Students weren’t required to take tablets or pencils to school. The school furnished everything. Mart’s mother bought him a pencil box anyway, and his father got him a big black dinner pail with a thermos bottle inside. Mart felt he was ready.
Then, his mother and father frightened him by explaining the rather complicated procedure one must go through in order to go to the toilet. “Put your hand out like this,” said Father, “and when the teacher says your name, you say, “May I leave the room?”
“Remember,” said Mother, “there are two toilets, so be sure and find out which is for boys. Ask one of the other boys before you go the first time.”
Mart was trying to remember. “May I leave the room?” he mumbled.
“You sure can,” his father answered. They smiled at one another. Mart felt better again. He would remember what to say.
He felt strange going into the schoolhouse alone the next morning. All eyes were watching as Miss Knickerson told him where to put his dinner pail and showed him where to sit. Mart wished someone would say something kind to him, but everyone was quiet, so, he sat down and tried to make himself small and quiet.
He noticed that his desk had a crack about as wide as his thumb running all the way across the top. The imperfection bothered him. He wondered if it might be some sort of punishment being imposed upon him.
Miss Knickerson showed him how to make letters and told him what they were. Then she made him say them over and over and had him write them again and again in his tablet. He wondered if she thought he couldn’t understand very well. He started to ask, but she put here finger to her lips and went, “Shhh,” so Mart kept on making the letters and tried not to let his pencil poke through the paper where it lay over the crack in his desk.
Every morning after the bell rang, they all stood and said the Pledge of Allegiance and then sang songs. At first, Mart didn’t know the words, but he moved his mouth and held his hand over his heart during the flag salute, and no one said anything about it. Then while the group sang God Bless American, Juanita, and Old Folks at Home, he just looked about shyly and didn’t move his mouth unless he knew someone was looking at him.

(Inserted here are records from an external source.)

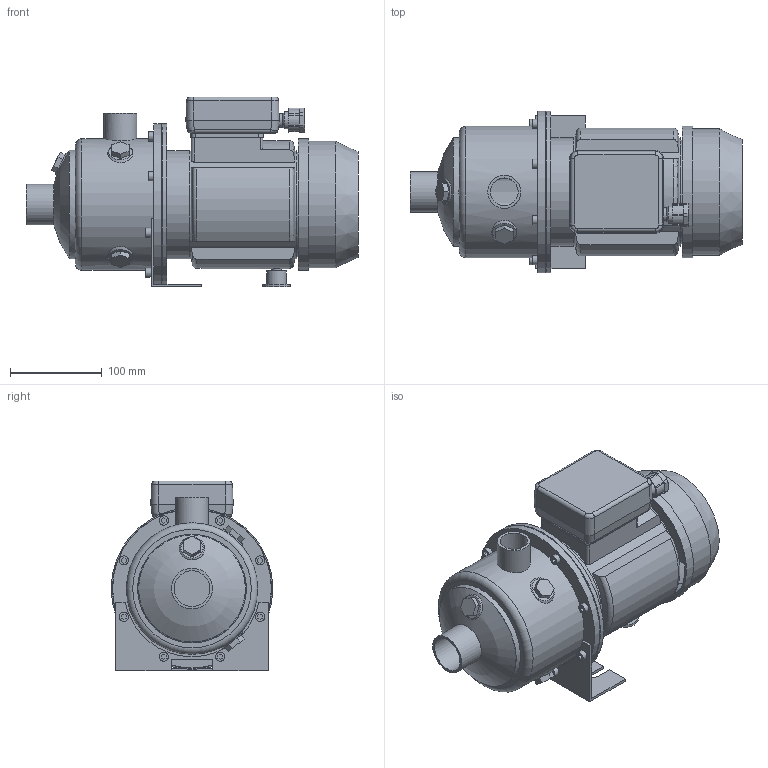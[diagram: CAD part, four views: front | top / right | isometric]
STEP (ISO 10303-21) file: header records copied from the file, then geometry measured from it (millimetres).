
FILE_DESCRIPTION(/* description */ ('-'),/* implementation_level */ '2;1');
FILE_NAME(/* name */ 'EH 3 [2-3] T',/* time_stamp */ '2017-03-20T08:14:16+01:00',/* author */ ('Simonelli M.'),/* organization */ ('Franklin Electric'),/* preprocessor_version */ 'ST-DEVELOPER v16.7',/* originating_system */ 'DEX',/* authorisation */ $);
FILE_SCHEMA (('AUTOMOTIVE_DESIGN {1 0 10303 214 3 1 1}'));
Length unit declared in the file: millimetre
Products named in the file (10): EH 3 [2-3] T; Flangia motore Tonda M71; Corpo 3-5 [2-3]; Motore MEC 71 - T; carcassa MEC 71; Copriventola MEC 71; Basetta MEC 71 T; Ghiera PG13,5 cod. SAV.GHI.20; Piedino MEC 71 int.90; Staffa 3-5-9 int.90
Assembly tree (9 placements, depth 3):
  EH 3 [2-3] T
    Flangia motore Tonda M71
    Corpo 3-5 [2-3]
    Motore MEC 71 - T
      carcassa MEC 71
      Copriventola MEC 71
      Basetta MEC 71 T
      Ghiera PG13,5 cod. SAV.GHI.20
    Piedino MEC 71 int.90
    Staffa 3-5-9 int.90
Bounding box: 362.6 x 176.5 x 207.5 mm (x, y, z)
Volume: 1774891.9 mm3; surface area: 478310.3 mm2
Topology: 8 solids, 8 shells, 329 faces, 783 edges, 519 vertices
Faces by surface type: plane 188, cylinder 100, cone 22, torus 9, bspline 8, sphere 2
Full cylindrical faces by diameter (mm): 7 x4, 10 x9, 13 x1, 15 x1, 18.6 x1, 19.73 x1, 21 x1, 30 x1, 30.291 x1, 36 x1, 38.952 x1, 44.5 x1, 110 x1, 114 x3, 116.1 x1, 118 x2, 118.5 x1, 133 x1, 138 x1, 139 x1, 141.1 x1, 143.5 x1, 144 x1, 173.5 x1, 174.1 x1, 176.5 x2
Entity records: 14196 total; most frequent: CARTESIAN_POINT 5330, DIRECTION 1537, ORIENTED_EDGE 1376, EDGE_CURVE 688, AXIS2_PLACEMENT_3D 568, VERTEX_POINT 486, EDGE_LOOP 450, FACE_BOUND 450

He spent a lot of time making rather sloppy letters and filled page after page with nothing but his name. He wished Miss Knickerson would teach him to read, but she never said anything about it. Mart was worried. He had been in school almost two weeks now.

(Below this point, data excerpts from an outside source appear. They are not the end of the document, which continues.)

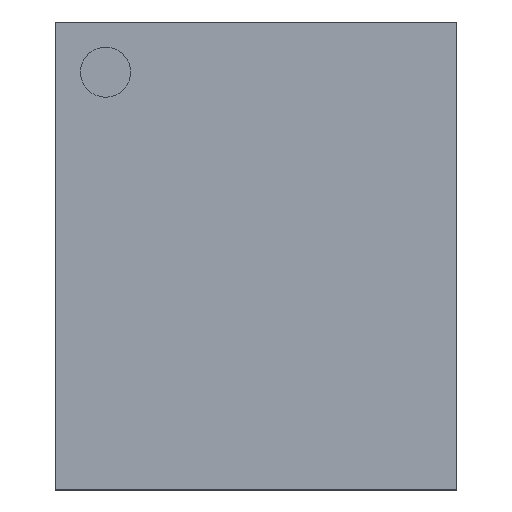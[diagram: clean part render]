
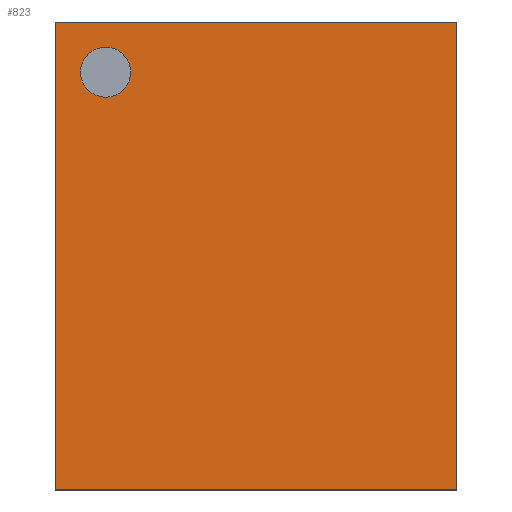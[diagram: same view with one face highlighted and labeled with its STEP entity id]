
A CAD part, top view. The second image highlights one B-rep face of the part: STEP entity #823.
In plain terms, the highlighted planar face has unit normal (0, 0, 1).
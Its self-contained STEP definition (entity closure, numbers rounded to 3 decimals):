
#634 = VERTEX_POINT('',#635);
#635 = CARTESIAN_POINT('',(-3.,-3.5,1.));
#642 = PLANE('',#643);
#643 = AXIS2_PLACEMENT_3D('',#644,#645,#646);
#644 = CARTESIAN_POINT('',(-3.,-3.5,0.4));
#645 = DIRECTION('',(1.,0.,0.));
#646 = DIRECTION('',(0.,0.,1.));
#654 = PLANE('',#655);
#655 = AXIS2_PLACEMENT_3D('',#656,#657,#658);
#656 = CARTESIAN_POINT('',(-3.,-3.5,0.4));
#657 = DIRECTION('',(0.,1.,0.));
#658 = DIRECTION('',(0.,0.,1.));
#695 = VERTEX_POINT('',#696);
#696 = CARTESIAN_POINT('',(-3.,3.5,1.));
#710 = PLANE('',#711);
#711 = AXIS2_PLACEMENT_3D('',#712,#713,#714);
#712 = CARTESIAN_POINT('',(-3.,3.5,0.4));
#713 = DIRECTION('',(0.,1.,0.));
#714 = DIRECTION('',(0.,0.,1.));
#722 = EDGE_CURVE('',#634,#695,#723,.T.);
#723 = SURFACE_CURVE('',#724,(#728,#735),.PCURVE_S1.);
#724 = LINE('',#725,#726);
#725 = CARTESIAN_POINT('',(-3.,-3.5,1.));
#726 = VECTOR('',#727,1.);
#727 = DIRECTION('',(0.,1.,0.));
#728 = PCURVE('',#642,#729);
#729 = DEFINITIONAL_REPRESENTATION('',(#730),#734);
#730 = LINE('',#731,#732);
#731 = CARTESIAN_POINT('',(0.6,0.));
#732 = VECTOR('',#733,1.);
#733 = DIRECTION('',(0.,-1.));
#734 = ( GEOMETRIC_REPRESENTATION_CONTEXT(2) 
PARAMETRIC_REPRESENTATION_CONTEXT() REPRESENTATION_CONTEXT('2D SPACE',''
  ) );
#735 = PCURVE('',#736,#741);
#736 = PLANE('',#737);
#737 = AXIS2_PLACEMENT_3D('',#738,#739,#740);
#738 = CARTESIAN_POINT('',(-3.,-3.5,1.));
#739 = DIRECTION('',(0.,0.,1.));
#740 = DIRECTION('',(1.,0.,0.));
#741 = DEFINITIONAL_REPRESENTATION('',(#742),#746);
#742 = LINE('',#743,#744);
#743 = CARTESIAN_POINT('',(0.,0.));
#744 = VECTOR('',#745,1.);
#745 = DIRECTION('',(0.,1.));
#746 = ( GEOMETRIC_REPRESENTATION_CONTEXT(2) 
PARAMETRIC_REPRESENTATION_CONTEXT() REPRESENTATION_CONTEXT('2D SPACE',''
  ) );
#775 = EDGE_CURVE('',#634,#776,#778,.T.);
#776 = VERTEX_POINT('',#777);
#777 = CARTESIAN_POINT('',(3.,-3.5,1.));
#778 = SURFACE_CURVE('',#779,(#783,#790),.PCURVE_S1.);
#779 = LINE('',#780,#781);
#780 = CARTESIAN_POINT('',(-3.,-3.5,1.));
#781 = VECTOR('',#782,1.);
#782 = DIRECTION('',(1.,0.,0.));
#783 = PCURVE('',#654,#784);
#784 = DEFINITIONAL_REPRESENTATION('',(#785),#789);
#785 = LINE('',#786,#787);
#786 = CARTESIAN_POINT('',(0.6,0.));
#787 = VECTOR('',#788,1.);
#788 = DIRECTION('',(0.,1.));
#789 = ( GEOMETRIC_REPRESENTATION_CONTEXT(2) 
PARAMETRIC_REPRESENTATION_CONTEXT() REPRESENTATION_CONTEXT('2D SPACE',''
  ) );
#790 = PCURVE('',#736,#791);
#791 = DEFINITIONAL_REPRESENTATION('',(#792),#796);
#792 = LINE('',#793,#794);
#793 = CARTESIAN_POINT('',(0.,0.));
#794 = VECTOR('',#795,1.);
#795 = DIRECTION('',(1.,0.));
#796 = ( GEOMETRIC_REPRESENTATION_CONTEXT(2) 
PARAMETRIC_REPRESENTATION_CONTEXT() REPRESENTATION_CONTEXT('2D SPACE',''
  ) );
#812 = PLANE('',#813);
#813 = AXIS2_PLACEMENT_3D('',#814,#815,#816);
#814 = CARTESIAN_POINT('',(3.,-3.5,0.4));
#815 = DIRECTION('',(1.,0.,0.));
#816 = DIRECTION('',(0.,0.,1.));
#823 = ADVANCED_FACE('',(#824,#872),#736,.T.);
#824 = FACE_BOUND('',#825,.T.);
#825 = EDGE_LOOP('',(#826,#827,#828,#851));
#826 = ORIENTED_EDGE('',*,*,#722,.F.);
#827 = ORIENTED_EDGE('',*,*,#775,.T.);
#828 = ORIENTED_EDGE('',*,*,#829,.T.);
#829 = EDGE_CURVE('',#776,#830,#832,.T.);
#830 = VERTEX_POINT('',#831);
#831 = CARTESIAN_POINT('',(3.,3.5,1.));
#832 = SURFACE_CURVE('',#833,(#837,#844),.PCURVE_S1.);
#833 = LINE('',#834,#835);
#834 = CARTESIAN_POINT('',(3.,-3.5,1.));
#835 = VECTOR('',#836,1.);
#836 = DIRECTION('',(0.,1.,0.));
#837 = PCURVE('',#736,#838);
#838 = DEFINITIONAL_REPRESENTATION('',(#839),#843);
#839 = LINE('',#840,#841);
#840 = CARTESIAN_POINT('',(6.,0.));
#841 = VECTOR('',#842,1.);
#842 = DIRECTION('',(0.,1.));
#843 = ( GEOMETRIC_REPRESENTATION_CONTEXT(2) 
PARAMETRIC_REPRESENTATION_CONTEXT() REPRESENTATION_CONTEXT('2D SPACE',''
  ) );
#844 = PCURVE('',#812,#845);
#845 = DEFINITIONAL_REPRESENTATION('',(#846),#850);
#846 = LINE('',#847,#848);
#847 = CARTESIAN_POINT('',(0.6,0.));
#848 = VECTOR('',#849,1.);
#849 = DIRECTION('',(0.,-1.));
#850 = ( GEOMETRIC_REPRESENTATION_CONTEXT(2) 
PARAMETRIC_REPRESENTATION_CONTEXT() REPRESENTATION_CONTEXT('2D SPACE',''
  ) );
#851 = ORIENTED_EDGE('',*,*,#852,.F.);
#852 = EDGE_CURVE('',#695,#830,#853,.T.);
#853 = SURFACE_CURVE('',#854,(#858,#865),.PCURVE_S1.);
#854 = LINE('',#855,#856);
#855 = CARTESIAN_POINT('',(-3.,3.5,1.));
#856 = VECTOR('',#857,1.);
#857 = DIRECTION('',(1.,0.,0.));
#858 = PCURVE('',#736,#859);
#859 = DEFINITIONAL_REPRESENTATION('',(#860),#864);
#860 = LINE('',#861,#862);
#861 = CARTESIAN_POINT('',(0.,7.));
#862 = VECTOR('',#863,1.);
#863 = DIRECTION('',(1.,0.));
#864 = ( GEOMETRIC_REPRESENTATION_CONTEXT(2) 
PARAMETRIC_REPRESENTATION_CONTEXT() REPRESENTATION_CONTEXT('2D SPACE',''
  ) );
#865 = PCURVE('',#710,#866);
#866 = DEFINITIONAL_REPRESENTATION('',(#867),#871);
#867 = LINE('',#868,#869);
#868 = CARTESIAN_POINT('',(0.6,0.));
#869 = VECTOR('',#870,1.);
#870 = DIRECTION('',(0.,1.));
#871 = ( GEOMETRIC_REPRESENTATION_CONTEXT(2) 
PARAMETRIC_REPRESENTATION_CONTEXT() REPRESENTATION_CONTEXT('2D SPACE',''
  ) );
#872 = FACE_BOUND('',#873,.T.);
#873 = EDGE_LOOP('',(#874));
#874 = ORIENTED_EDGE('',*,*,#875,.F.);
#875 = EDGE_CURVE('',#876,#876,#878,.T.);
#876 = VERTEX_POINT('',#877);
#877 = CARTESIAN_POINT('',(-1.875,2.75,1.));
#878 = SURFACE_CURVE('',#879,(#884,#891),.PCURVE_S1.);
#879 = CIRCLE('',#880,0.375);
#880 = AXIS2_PLACEMENT_3D('',#881,#882,#883);
#881 = CARTESIAN_POINT('',(-2.25,2.75,1.));
#882 = DIRECTION('',(0.,0.,1.));
#883 = DIRECTION('',(1.,0.,0.));
#884 = PCURVE('',#736,#885);
#885 = DEFINITIONAL_REPRESENTATION('',(#886),#890);
#886 = CIRCLE('',#887,0.375);
#887 = AXIS2_PLACEMENT_2D('',#888,#889);
#888 = CARTESIAN_POINT('',(0.75,6.25));
#889 = DIRECTION('',(1.,0.));
#890 = ( GEOMETRIC_REPRESENTATION_CONTEXT(2) 
PARAMETRIC_REPRESENTATION_CONTEXT() REPRESENTATION_CONTEXT('2D SPACE',''
  ) );
#891 = PCURVE('',#892,#897);
#892 = CYLINDRICAL_SURFACE('',#893,0.375);
#893 = AXIS2_PLACEMENT_3D('',#894,#895,#896);
#894 = CARTESIAN_POINT('',(-2.25,2.75,0.9));
#895 = DIRECTION('',(0.,0.,1.));
#896 = DIRECTION('',(1.,0.,0.));
#897 = DEFINITIONAL_REPRESENTATION('',(#898),#902);
#898 = LINE('',#899,#900);
#899 = CARTESIAN_POINT('',(0.,0.1));
#900 = VECTOR('',#901,1.);
#901 = DIRECTION('',(1.,0.));
#902 = ( GEOMETRIC_REPRESENTATION_CONTEXT(2) 
PARAMETRIC_REPRESENTATION_CONTEXT() REPRESENTATION_CONTEXT('2D SPACE',''
  ) );

One day after they had sung their songs, Miss Knickerson gave a little speech. She told the boys and girls that they had been saying words they shouldn’t ever say. Mart wondered if she had heard him talking with Orrie Fenster behind the coal shed. She went on: “There is not a word called ain’t.” Mart was shocked. “Now none of us should say a word that isn’t really a word. Do you see this box? It is an ain’t box. Now if anyone hears another person say ain’t, he should write that person’s name on a slip of paper and put it in the box. In a month I’ll check and see what must be done.”
Mart worried about not saying ain’t. He warned his parents and some relative about it too. He certainly didn’t want anyone he loved getting into trouble. He had two main difficulties, however, in delivering this information; first, his relative were reluctant to listen, and secondly, Mart felt he couldn’t use the crucial word in his explanation. And as if these problems weren’t enough, his mother frequently modified his discourse by adding here own interpretation. She would inject a comment to the effect that it was just some game the children played at school. At times like this Mart would become speechless much to the satisfaction of his parents. He wondered how they could ignore such an important issue.
One Sunday afternoon, after being swiftly and bluntly deprived of an opportunity to crusade for his special cause, he drifted outside the house and walked in the shade of the boxelder trees. There sitting on the wash bench was Uncle Andrew. Uncle Andrew wore winter underwear all the time. When it was warm he rolled up his shirt sleeves and let his underwear legs hang over the tops of his shoes for better ventilation. This wasn’t the approved mode of dress among the family, but Uncle Andrew had managed to spend precious little time during his life considering what was approved and what was not approved. In addition to this strange quirk of mind, he was blessed with a mysterious physical infirmity – partial deafness. He could partially hear those things he wished to hear.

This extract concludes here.